18
Gas
news
Will your cooker
stand up to
safety scrutiny?
By Jason Treseder, ESV Gas Engineer
ESV reminds all gasfitters and electricians
of the importance of correctly securing
freestanding cooking appliances to avoid
serious injuries and to meet legal obligations.
Under the Gas Safety Act 1997 licensed
gasfitters have responsibilities to ensure installations
are left in a safe condition and all gasfitting work
complies with the prescribed standards.
Where gasfitters identify unsafe installations
they are obliged to take action to make the
installation safe. In the case of cookers this means
fitting the required stabilisation or disconnecting
the appliance.
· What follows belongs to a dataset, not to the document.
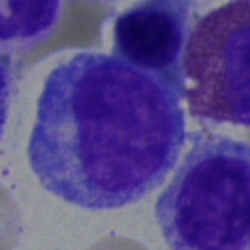
Q: What cell is this?
A: A promyelocyte.

If after making a reasonable effort
to rectify the installation it is not possible to make
the installation safe, the gasfitter is obliged to notify
ESV and the gas company without delay.
Oven doors of free standing cookers open
to an ideal height for young children to climb on
and the weight of a small child on the oven door
acts as a lever that can easily cause unsecured
cookers to tip or tilt forward.
This tilting forward can cause pots on the
stove to slide forward off the front of the cooker
and potentially cause serious burns and other
injury if hot pots and pans filled with boiling water
or hot oil land on the child.
Recently ESV investigated an unfortunate
incident where a young child received serious
burns to their head and back from hot cooking
oil after climbing onto an open oven door of an
unsecured cooker that tilted forward. Hot oil also
splashed on the parent, who also received burns.
The Royal Children’s Hospital has advised
ESV that over the past 18 months there have been
four incidents of children sustaining burns involving
gas and electric freestanding cookers.